Copy all lines of the listing that include the string "none".
========================================
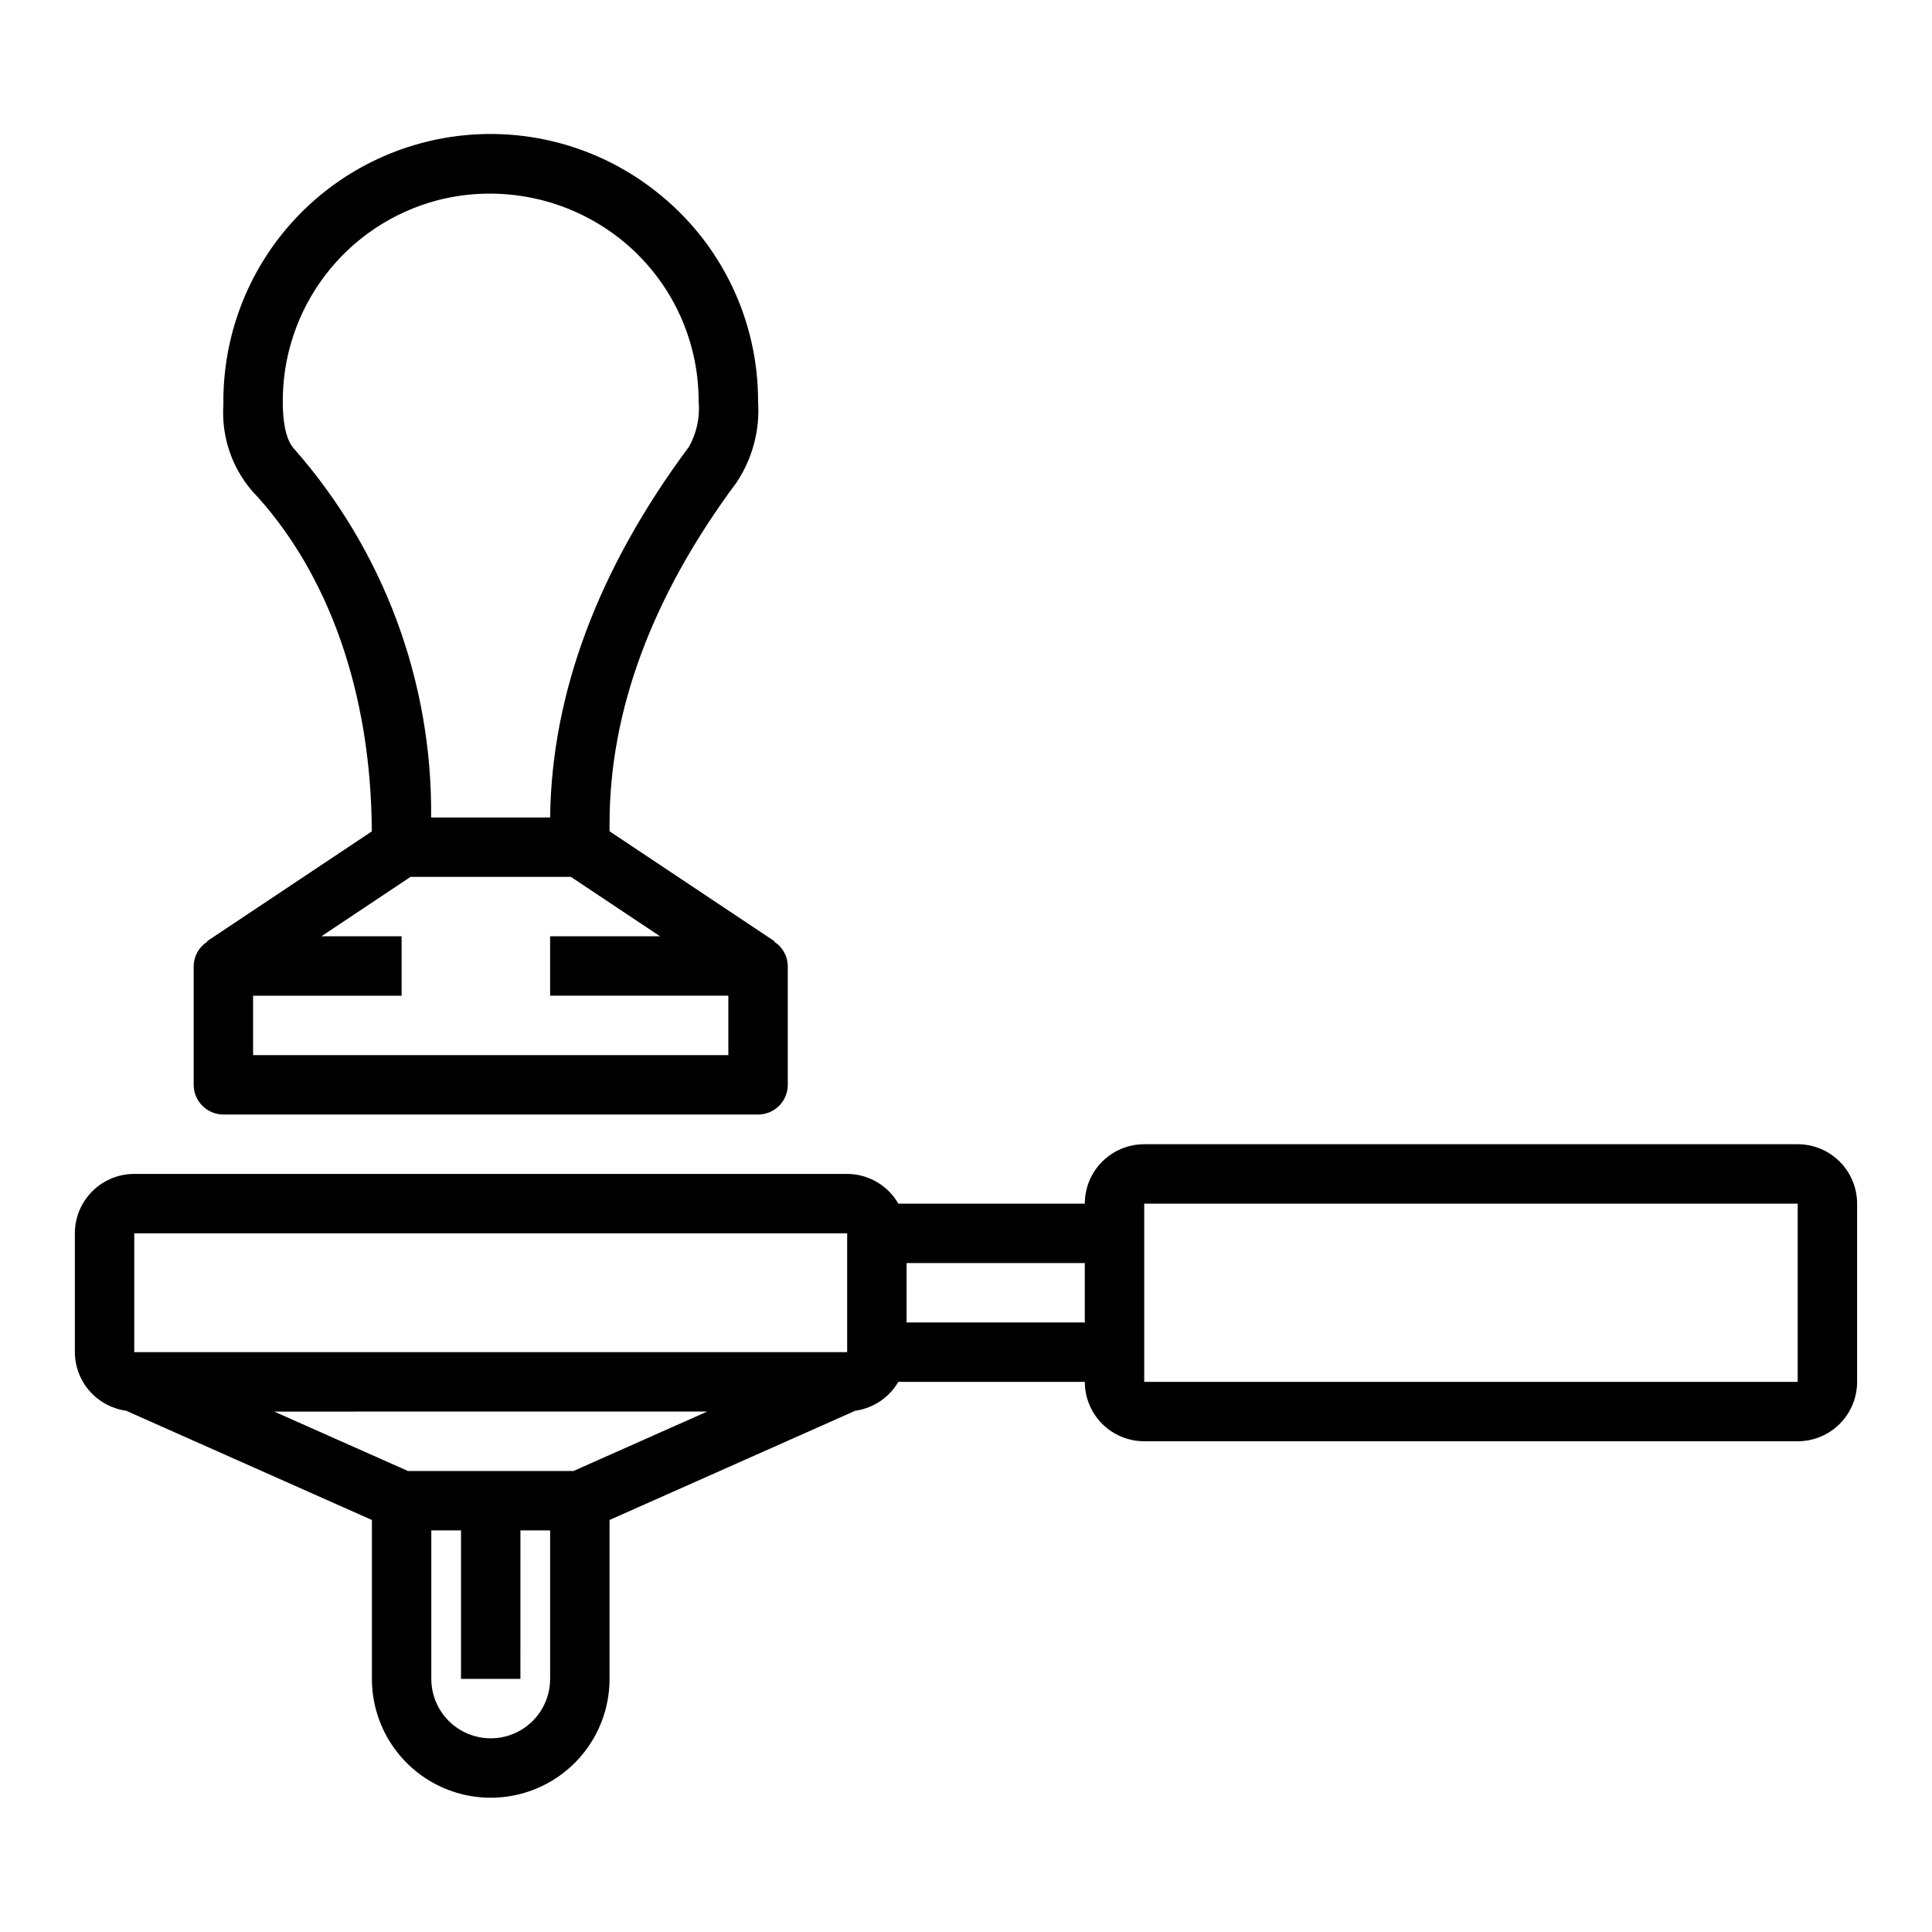 <?xml version="1.0" encoding="UTF-8"?>
<!-- Uploaded to: ICON Repo, www.svgrepo.com, Generator: ICON Repo Mixer Tools -->
<svg fill="#000000" width="800px" height="800px" version="1.1" viewBox="144 144 512 512" xmlns="http://www.w3.org/2000/svg">
 <g>
  <path d="m203.2 439.36h141.7c2.086 0 4.09-0.832 5.566-2.305 1.477-1.477 2.305-3.481 2.305-5.566v-31.488c-0.031-2.613-1.383-5.035-3.59-6.434l0.086-0.117-43.727-29.148v-2.09c0-29.914 11.328-60.34 33.66-90.363v0.004c4.207-6.316 6.211-13.848 5.699-21.422 0.055-21.77-9.949-42.344-27.113-55.742-14.07-11.086-31.824-16.426-49.68-14.938-17.855 1.488-34.48 9.688-46.527 22.953-12.043 13.262-18.609 30.598-18.375 48.516-0.562 8.25 2.113 16.395 7.453 22.711 20.469 21.695 31.715 53.789 31.875 90.402l-43.699 29.125 0.086 0.117c-2.203 1.398-3.555 3.812-3.59 6.426v31.488c0 2.086 0.832 4.09 2.309 5.566 1.477 1.473 3.477 2.305 5.566 2.305zm133.82-15.742-125.95-0.004v-15.742h39.359v-15.746h-21.254l23.617-15.742h42.508l23.617 15.742h-29.129v15.742h47.23zm-118.08-172.59c-0.168-12.305 3.793-24.309 11.25-34.098 7.457-9.789 17.98-16.793 29.891-19.895 16.684-4.246 34.391-0.543 47.973 10.035 13.352 10.418 21.137 26.426 21.094 43.359 0.379 4.168-0.52 8.348-2.582 11.988-24.023 32.301-36.391 65.34-36.777 98.219h-31.535c0.359-35.848-12.516-70.57-36.164-97.516-0.738-0.812-3.055-3.246-3.148-12.094z"/>
  <path d="m620.41 447.23h-173.18c-4.176 0-8.18 1.66-11.133 4.613-2.953 2.949-4.609 6.957-4.609 11.133h-49.422c-2.789-4.856-7.957-7.856-13.555-7.875h-188.93c-4.176 0-8.18 1.66-11.133 4.613s-4.613 6.957-4.613 11.133v31.488c0.02 3.789 1.402 7.445 3.898 10.297 2.496 2.852 5.938 4.707 9.691 5.227l65.133 28.953v42.113c0 11.25 6 21.645 15.742 27.27 9.742 5.625 21.746 5.625 31.488 0 9.742-5.625 15.746-16.02 15.746-27.27v-42.113l65.133-28.953c4.773-0.664 8.977-3.484 11.398-7.652h49.422c0 4.176 1.656 8.18 4.609 11.133s6.957 4.609 11.133 4.609h173.18c4.176 0 8.18-1.656 11.133-4.609s4.613-6.957 4.613-11.133v-47.23c0-4.176-1.66-8.184-4.613-11.133-2.953-2.953-6.957-4.613-11.133-4.613zm-324.42 86.594h-43.895l-35.426-15.742 114.75-0.004zm-116.41-62.977h188.93v31.488h-188.93zm110.21 118.08c0 5.625-3 10.824-7.871 13.637-4.871 2.812-10.871 2.812-15.742 0-4.871-2.812-7.875-8.012-7.875-13.637v-39.359h7.871v39.359h15.742l0.004-39.359h7.871zm94.465-94.465v-15.742h47.23v15.742zm62.977 15.742v-47.227h173.18v47.23z"/>
 </g>
</svg>
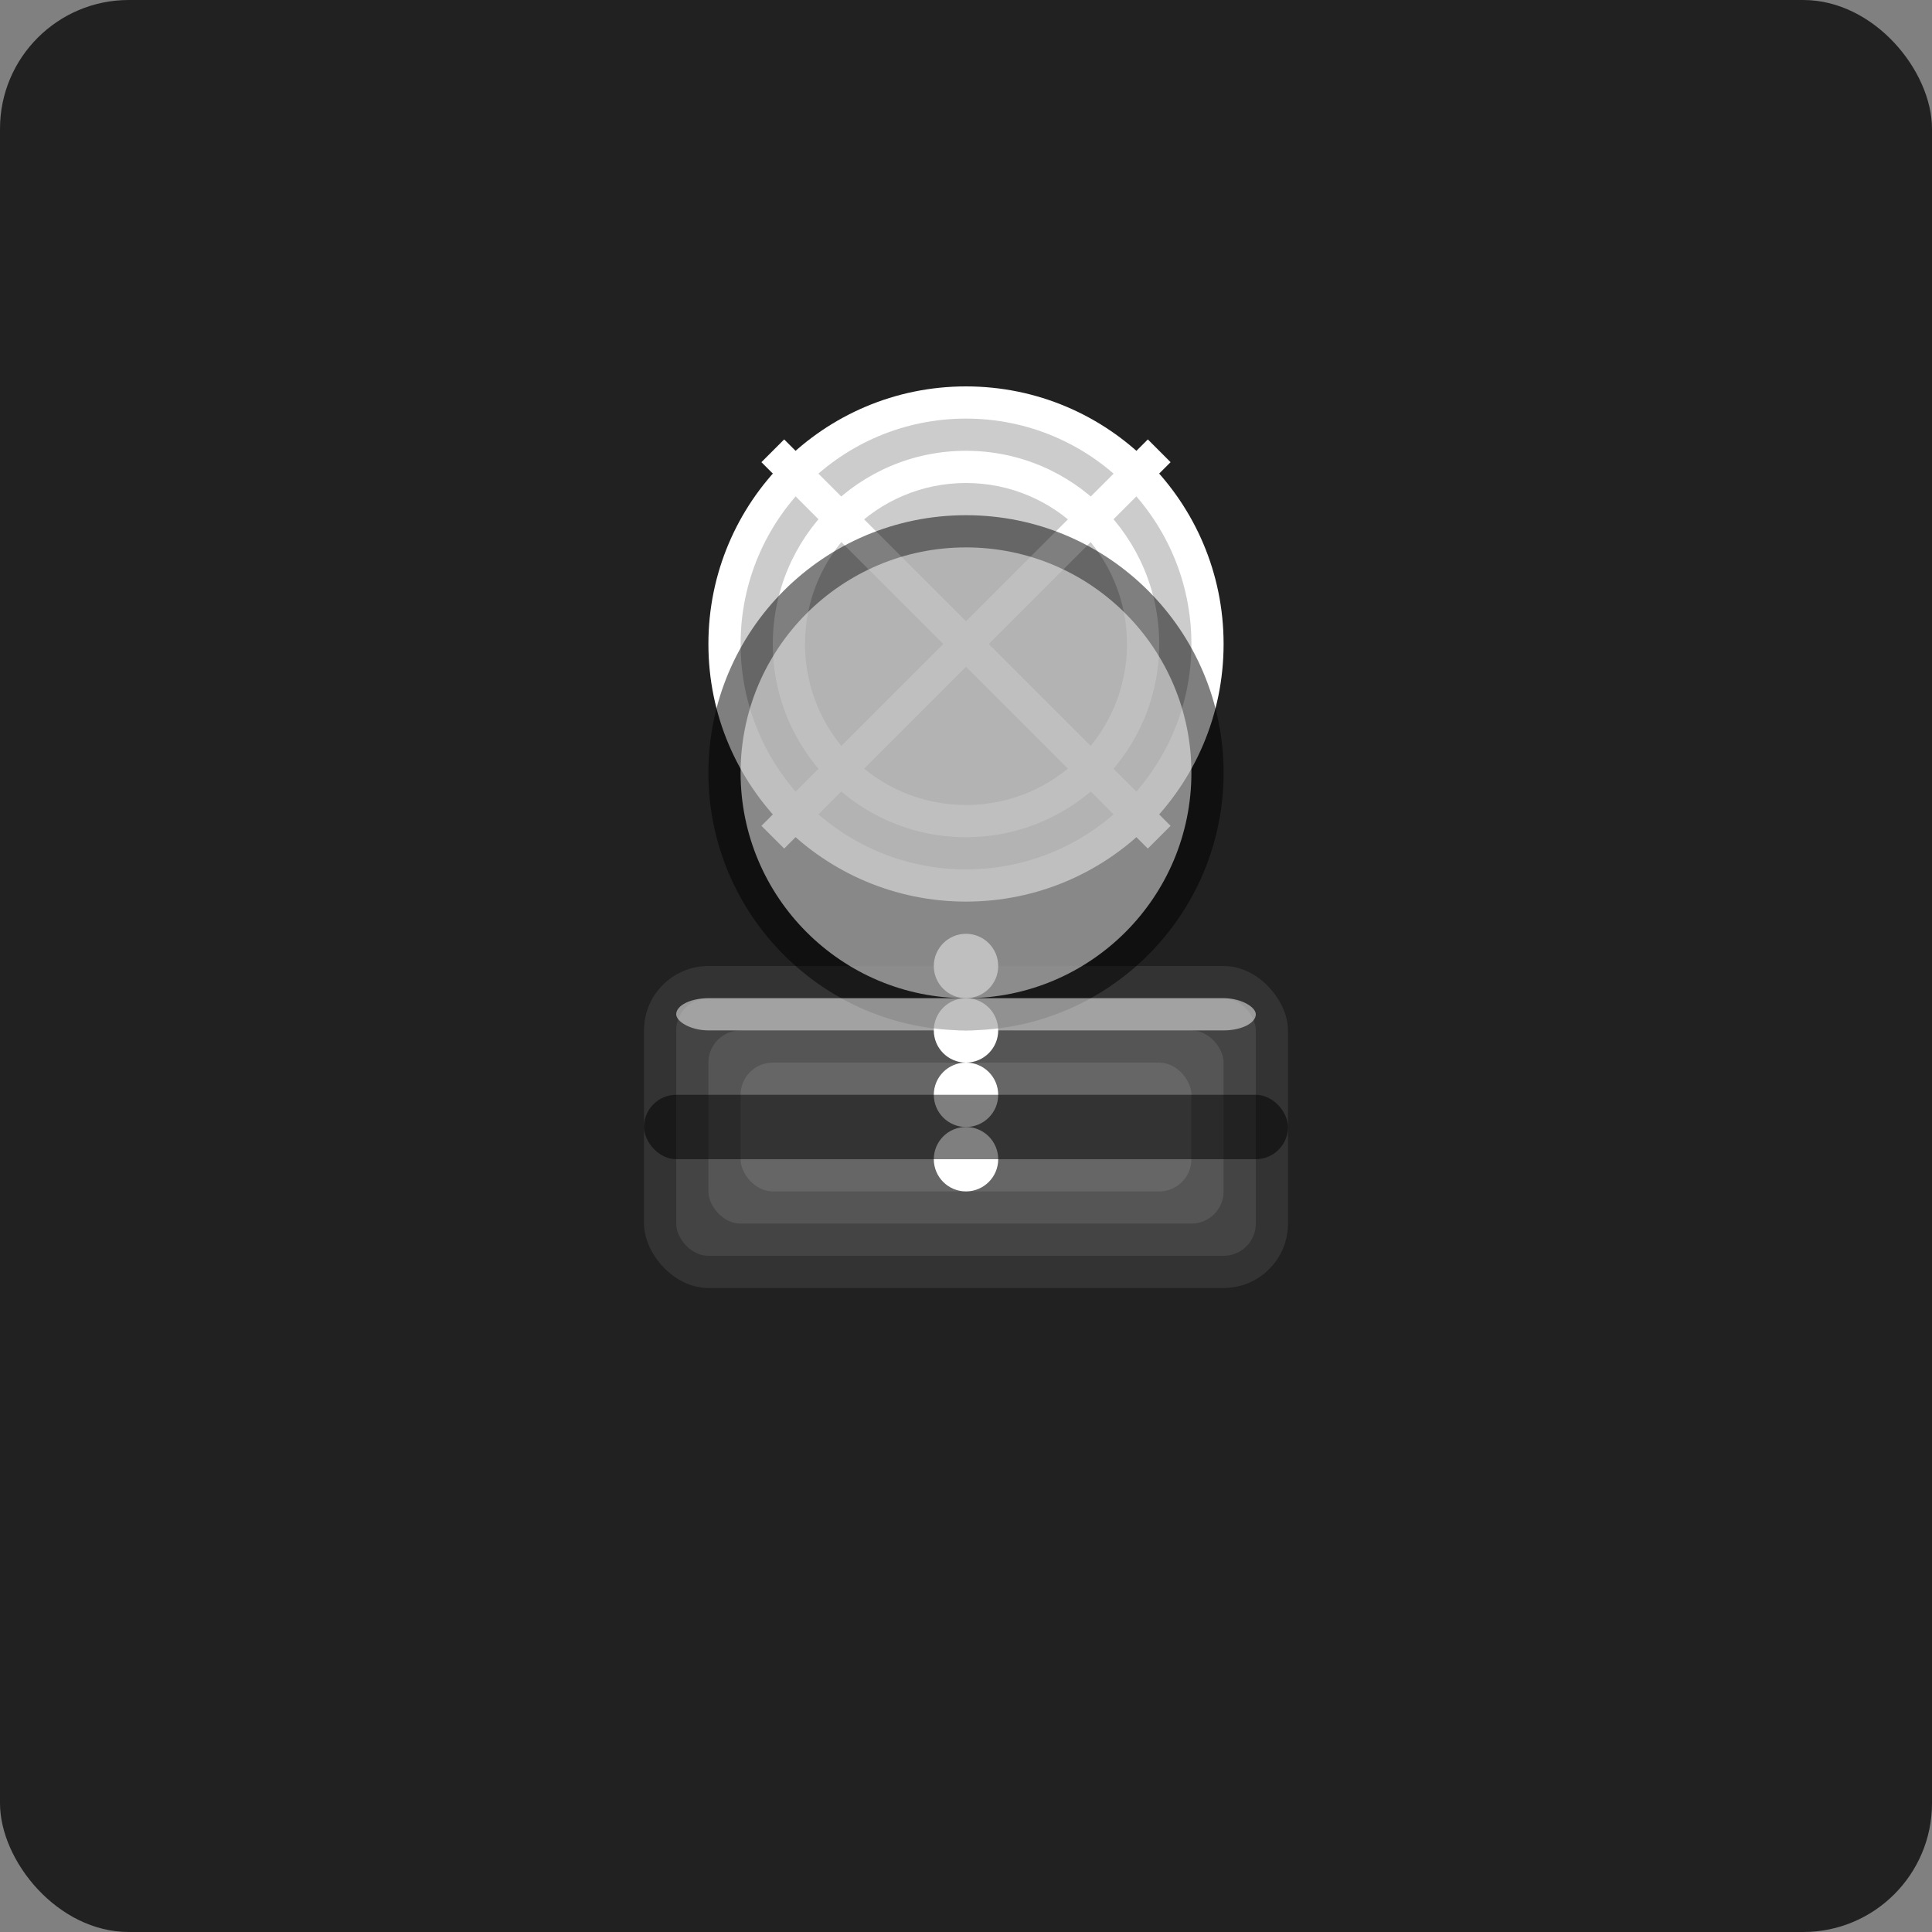 <svg xmlns="http://www.w3.org/2000/svg" viewBox="0 0 300 300">
  <rect x="0" y="0" width="300" height="300" fill="#808080" stroke="none"/>
  <!-- Background -->
  <rect x="0" y="0" width="300" height="300" fill="#212121" rx="20" />
  
  <!-- Digital Tablet -->
  <rect x="100" y="150" width="100" height="50" fill="#333" rx="10" />
  <rect x="105" y="155" width="90" height="40" fill="#444" rx="5" />
  <rect x="110" y="160" width="80" height="30" fill="#555" rx="5" />
  <rect x="115" y="165" width="70" height="20" fill="#666" rx="5" />
  
  <!-- Melting Clock -->
  <g transform="translate(150, 100)">
    <!-- Clock Face -->
    <circle cx="0" cy="0" r="40" fill="#FFF" />
    <circle cx="0" cy="0" r="35" fill="#CCC" />
    <circle cx="0" cy="0" r="30" fill="#FFF" />
    <circle cx="0" cy="0" r="25" fill="#CCC" />
    
    <!-- Melting Effect -->
    <path d="M 0,0 C 10,10 20,20 30,30" fill="none" stroke="#FFF" stroke-width="5" />
    <path d="M 0,0 C 10,-10 20,-20 30,-30" fill="none" stroke="#FFF" stroke-width="5" />
    <path d="M 0,0 C -10,10 -20,20 -30,30" fill="none" stroke="#FFF" stroke-width="5" />
    <path d="M 0,0 C -10,-10 -20,-20 -30,-30" fill="none" stroke="#FFF" stroke-width="5" />
    
    <!-- Dripping Effect -->
    <g transform="translate(0, 50)">
      <circle cx="0" cy="0" r="5" fill="#FFF" />
      <circle cx="0" cy="10" r="5" fill="#FFF" />
      <circle cx="0" cy="20" r="5" fill="#FFF" />
      <circle cx="0" cy="30" r="5" fill="#FFF" />
    </g>
  </g>
  
  <!-- Shadows -->
  <rect x="100" y="170" width="100" height="10" fill="#000" rx="5" opacity="0.5" />
  <circle cx="150" cy="120" r="40" fill="#000" opacity="0.5" />
  
  <!-- Highlights -->
  <circle cx="150" cy="120" r="35" fill="#FFF" opacity="0.5" />
  <rect x="105" y="155" width="90" height="5" fill="#FFF" rx="5" opacity="0.5" />
</svg>
========================================
Solution to this task:
  <rect x="0" y="0" width="300" height="300" fill="#808080" stroke="none"/>
    <path d="M 0,0 C 10,10 20,20 30,30" fill="none" stroke="#FFF" stroke-width="5" />
    <path d="M 0,0 C 10,-10 20,-20 30,-30" fill="none" stroke="#FFF" stroke-width="5" />
    <path d="M 0,0 C -10,10 -20,20 -30,30" fill="none" stroke="#FFF" stroke-width="5" />
    <path d="M 0,0 C -10,-10 -20,-20 -30,-30" fill="none" stroke="#FFF" stroke-width="5" />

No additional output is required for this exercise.